Flynn, like Paul Valery, believes that a poem is never finished, but abandoned, the poet having poured all he knows into it, and seeing no other possibilities, releases it into the world. “Robert Lowell rewrote his poems until his death,” says Flynn. “All the writers I admire became professional or published or famous by the force of their will upon the words, unwilling to settle for the first thought or effort and committed to the lifelong process of continually sharpening their tools and allowing the idea of gratification to come from surrendering to the process, “the condensory,” Lorine Niedecker called it, the internal drive to make sentences so tight that “a mosquito couldn’t squeak through,” as Berryman pontificated. This is the infernal chase, to make poems where the artifice of labor disappears and the seams dissolve, where the search, not the arrival, is the whole point.
All art is the elimination of the unnecessary. My method is to take copious notes, sometimes dozens of pages or drafts, and compose the poem from the top down. An 18-line poem may have begun as a couple of hundred lines or more, but they are slowly whittled away as the poem reveals its identity. Sometimes several fragments, years apart, may begin to move toward one another and can be judged as family. This way I track the poem through hundreds of ideas word by word.
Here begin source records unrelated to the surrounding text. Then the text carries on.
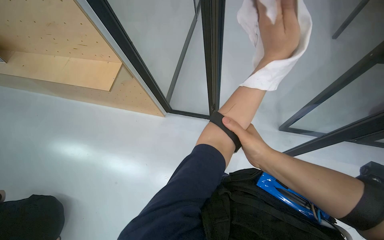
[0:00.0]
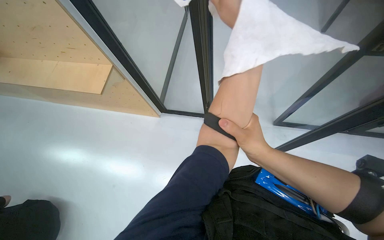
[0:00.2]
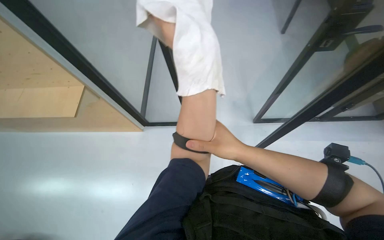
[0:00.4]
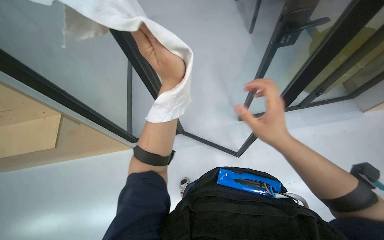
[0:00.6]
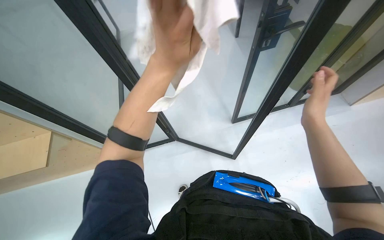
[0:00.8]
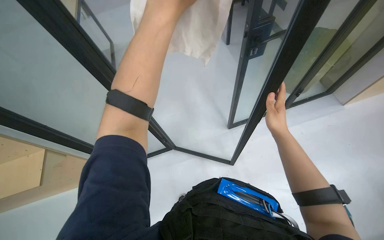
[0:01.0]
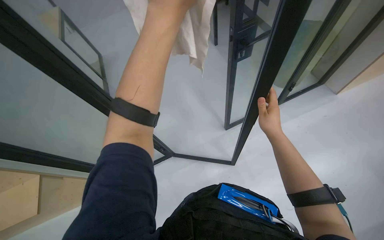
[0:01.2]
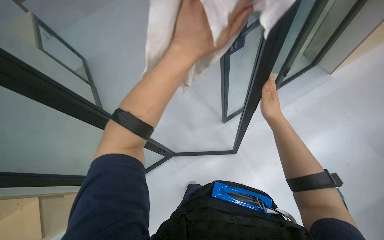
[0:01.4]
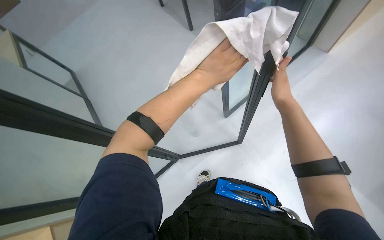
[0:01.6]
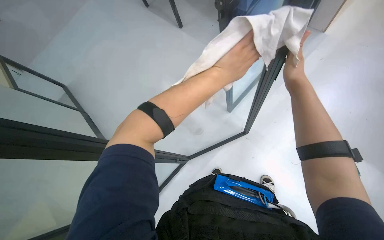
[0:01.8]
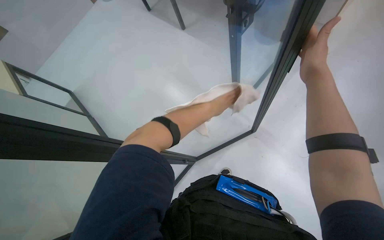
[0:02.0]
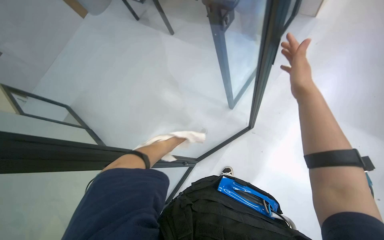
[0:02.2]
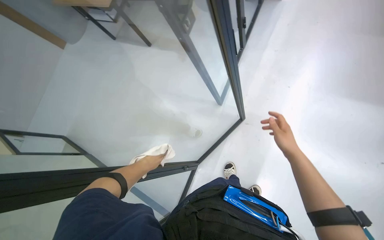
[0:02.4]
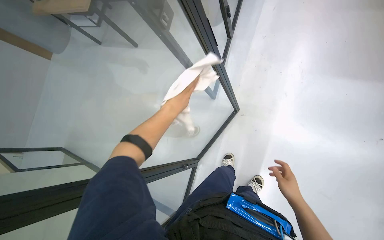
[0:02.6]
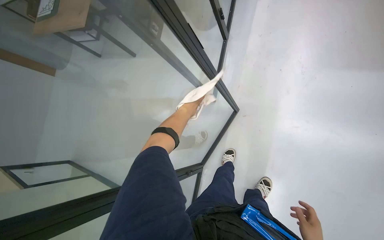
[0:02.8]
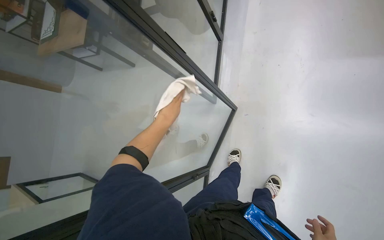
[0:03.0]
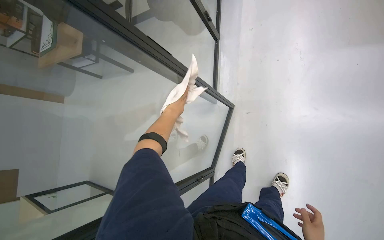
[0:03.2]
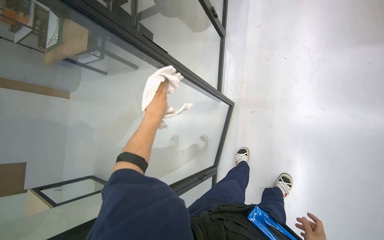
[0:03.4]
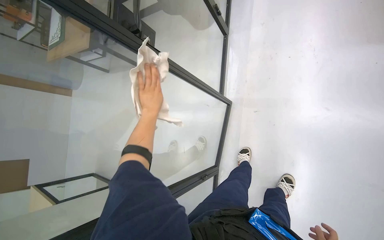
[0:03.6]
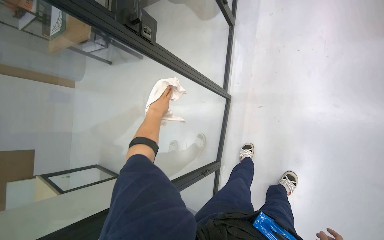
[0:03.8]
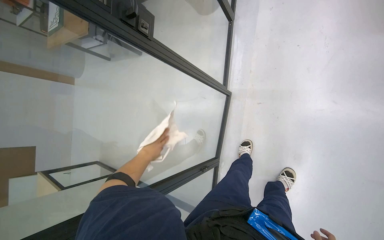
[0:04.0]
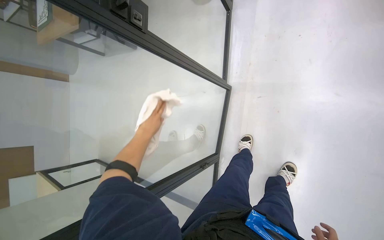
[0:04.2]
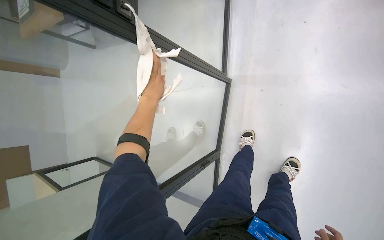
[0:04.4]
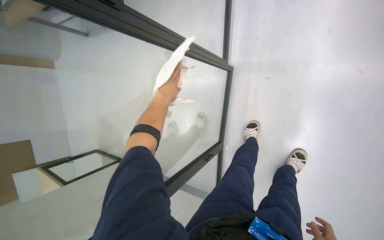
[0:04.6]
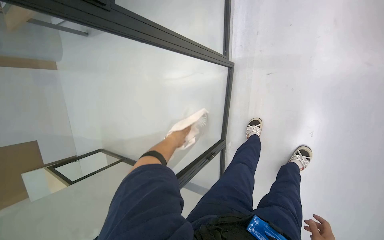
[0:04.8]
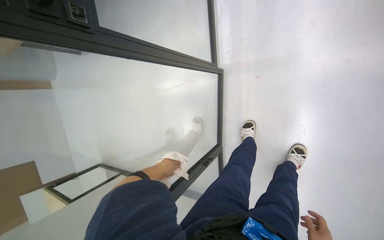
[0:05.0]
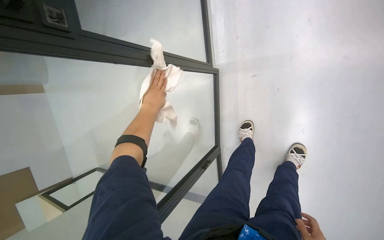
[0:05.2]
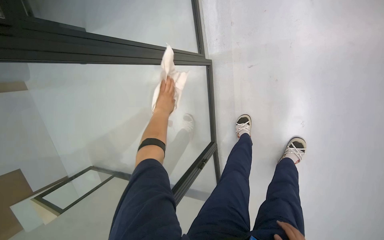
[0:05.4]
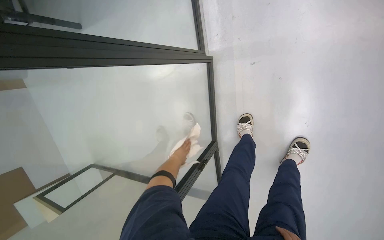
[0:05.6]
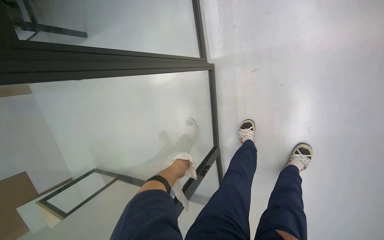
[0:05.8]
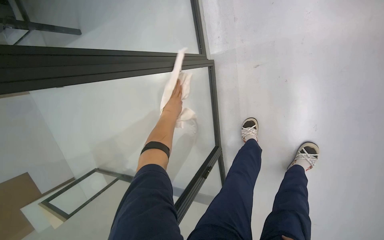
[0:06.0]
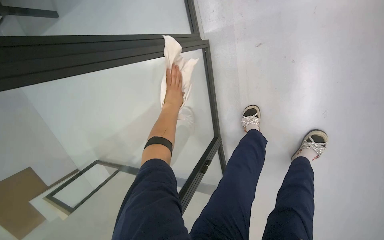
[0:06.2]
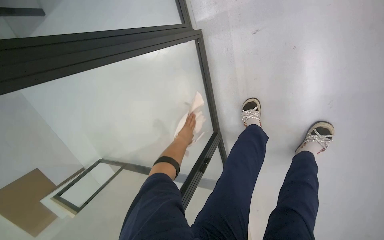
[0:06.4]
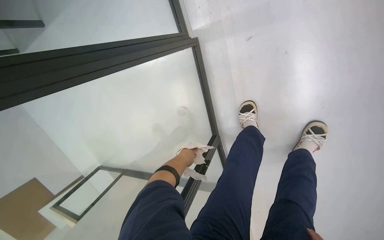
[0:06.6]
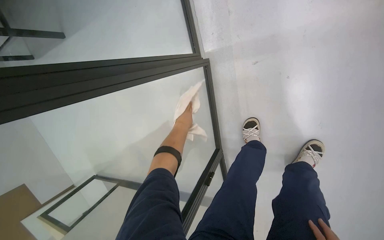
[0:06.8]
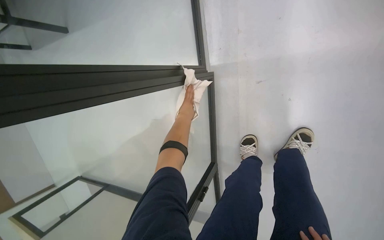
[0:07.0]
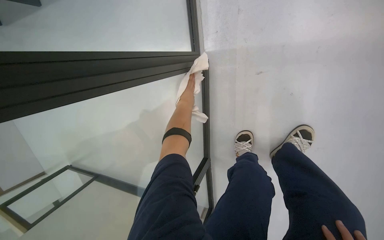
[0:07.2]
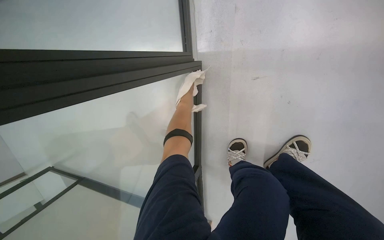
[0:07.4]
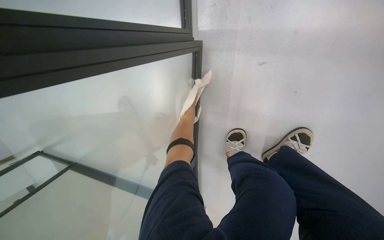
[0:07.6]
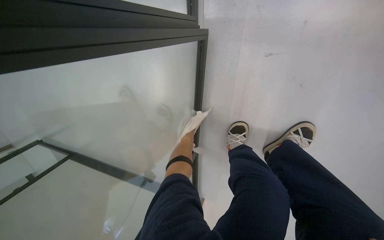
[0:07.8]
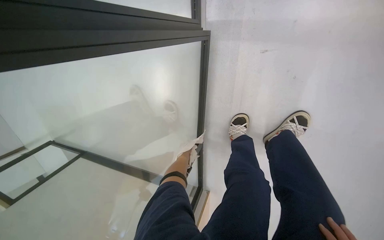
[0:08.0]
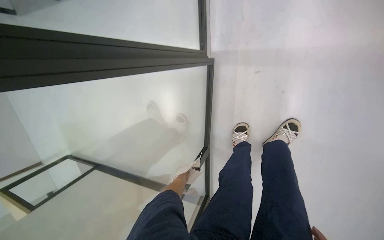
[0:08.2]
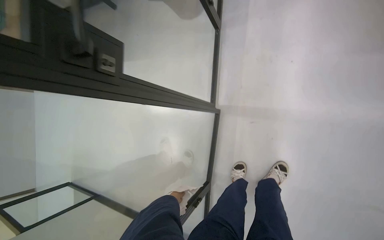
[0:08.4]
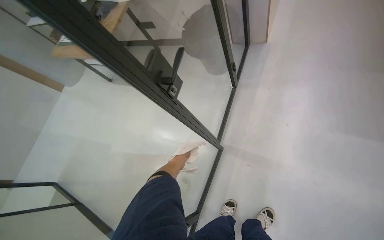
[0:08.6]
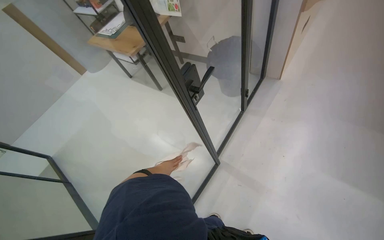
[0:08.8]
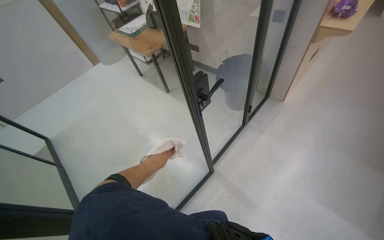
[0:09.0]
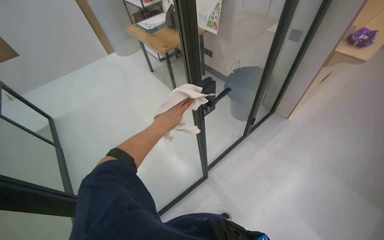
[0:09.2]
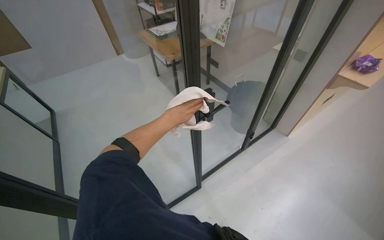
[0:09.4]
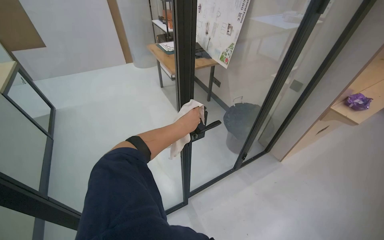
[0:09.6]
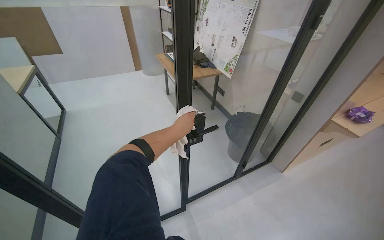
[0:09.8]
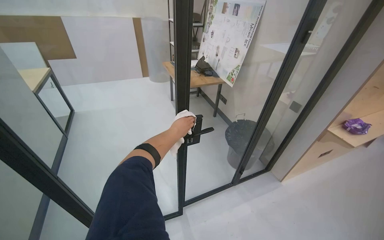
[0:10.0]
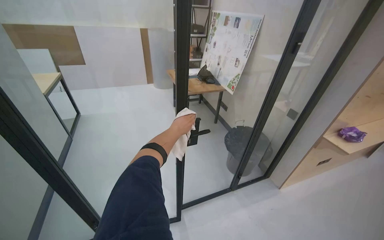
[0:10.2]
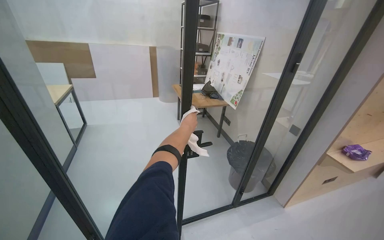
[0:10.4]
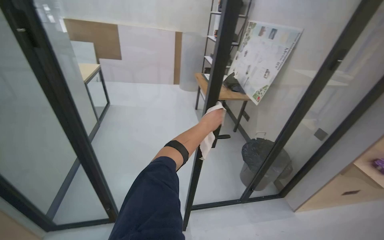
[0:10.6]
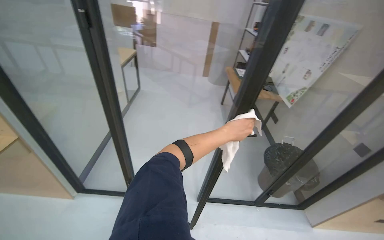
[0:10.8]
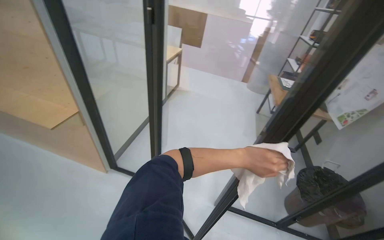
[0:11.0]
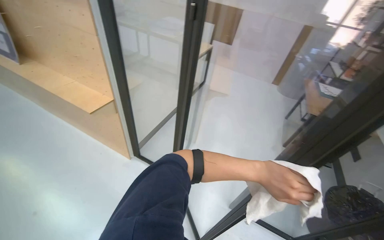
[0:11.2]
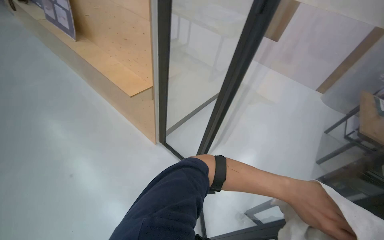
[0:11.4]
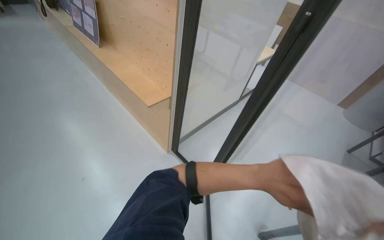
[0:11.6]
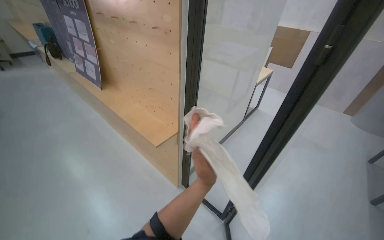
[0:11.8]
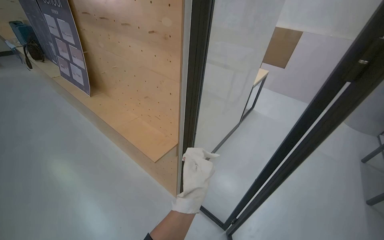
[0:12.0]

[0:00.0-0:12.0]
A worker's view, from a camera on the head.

“Ideas in poetry,” wrote Mallarme, “are what we return to when we leave the music, as one returns to the comfort of a wife, leaving the mistress we desire.” When the poet accepts that nothing he may first create is sacred, his surrender will allow the poem’s true nature to emerge. Compose in a flood, I say, edit in a trickle. It’s hard to be wise and in love at the same time.”
Once, after Jack Nicklaus heard a fan yell, “Lucky!” following a particularly well-placed shot upon the green, he turned to the gallery and said, “The more I practice, the luckier I get.” Keith Flynn’s workshops use innovative strategies to achieve time-honored results; he believes that rhythm is the cornerstone of all great writing, and teaches his students that every poem has its own sonic architecture, and must live in the air.
His teaching has an emphasis on editing and uses exercises to focus on the aspects of language that help create inventive structural ideas, designed to make poems more dynamic and muscular on the page. Flynn delivers his lessons with humor, history, and erudition. He is a “provocateur with a tender heart,” says Kathryn Stripling Byer, NC’s current poet laureate. “(Flynn) possesses the scholar’s respect for tradition and the artist’s hunger for innovation. His world is large and always interesting, and he journeys through it with great elan.”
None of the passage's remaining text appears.